CHR, PNP send teams to probe Kalinga eviction clash

By Vincent Cabreza, Desiree Caluza
Last updated 06:20am (Mla time) 06/30/2007

BAGUIO CITY—The Commission on Human Rights and the Cordillera police have each sent independent fact-finding teams to Rizal, Kalinga, to unearth the reasons behind a 10-hour gun battle between a group of settlers and a team of policemen and soldiers on Monday.


Nine of the people who engaged government troops in the gunfight died while at least 10 policemen were wounded. A woman, identified as Abak Tayaan, was among the fatalities.


Russell Ma-ao, CHR Cordillera director, said teams were sent out as early as Tuesday (June 26) when reports of the standoff in Sitio Malapiat in Barangay San Pascual reached Baguio City.


Rizal Mayor Marcelo de la Cruz said three CHR representatives from Cagayan witnessed the gun battle. The CHR employees arrived while the gunfight was raging.


Conflicting claims


Ma-ao said the witnesses have yet to make an official report on the incident.


The conflict occurred in a property that used to belong to the family of the late Sen. Vicente Madrigal.


Officials of the Department of Agrarian Reform in the Cordillera said the Supreme Court, in a 2003 decision, converted the 2,000-hectare estate into public lands that allowed DAR to parcel it for local farmers.


Ma-ao said the CHR team would try to determine whether De la Cruz was justified in ordering the ejection of settlers from a disputed 200-ha area in the estate.


She said their reports indicated that the estate was still plagued by conflicting property claims.


Although most of the estate had been parceled off through the distribution of free patent awards, certificates of land ownership award and certificates of ancestral land title, the National Commission on Indigenous Peoples said ancestral land claimants still contested the lots.


Early warning


The settlers had claimed to represent some of these ancestral land claimants.


De la Cruz said there was no haste in ordering the demolition.


“As early as February, the government alerted the public over the radio not to settle in that area. We also sent out letters to the settlers warning them not to stay there,” he told the Inquirer.


The Rizal town government had demolished houses there before, but settlers returned, he said.


De la Cruz said he anticipated that the Monday demolition would trigger violence, which explained the need for armed security escorts.

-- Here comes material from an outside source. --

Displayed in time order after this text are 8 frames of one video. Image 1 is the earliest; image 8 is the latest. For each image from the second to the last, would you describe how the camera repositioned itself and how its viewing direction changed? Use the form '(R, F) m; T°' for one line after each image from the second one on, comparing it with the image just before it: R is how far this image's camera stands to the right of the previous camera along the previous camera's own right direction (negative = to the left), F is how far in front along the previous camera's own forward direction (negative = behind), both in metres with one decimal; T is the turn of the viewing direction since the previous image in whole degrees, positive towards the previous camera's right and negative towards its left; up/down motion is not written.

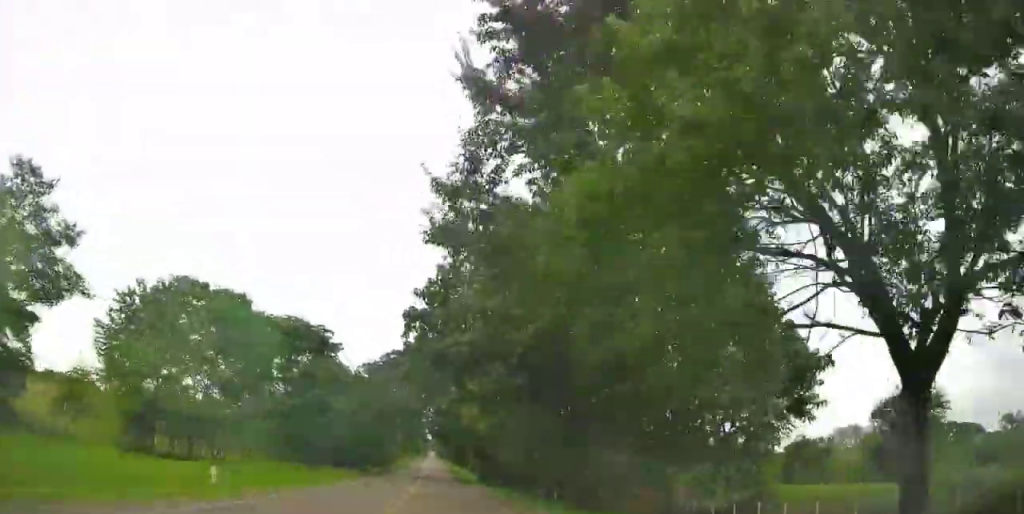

The mayor said he has yet to receive a complaint of human rights violations following the incident.


But Chief Supt. Raul Gonzales, Cordillera police director, said he wanted an independent assessment of the tragedy “before other interest groups start riding on the issue again.”


Police accountability


The police investigation will determine whether the Kalinga policemen responded to the attack “by the book.”


Police said they were forced to burn at least 30 houses to build up smoke to shield them and the demolition team from their attackers.


The armed residents hid in foxholes dug around the community, said Gonzales. The residents, he said, were later forced to retreat to their houses where they continued firing at policemen and soldiers.


De la Cruz said Tayaan was the only woman who the local government was able to account for after the fighting, although some police reports indicated that more women were involved.


De la Cruz said Tayaan was found dead inside one of the foxholes. He said a gun was found near her body.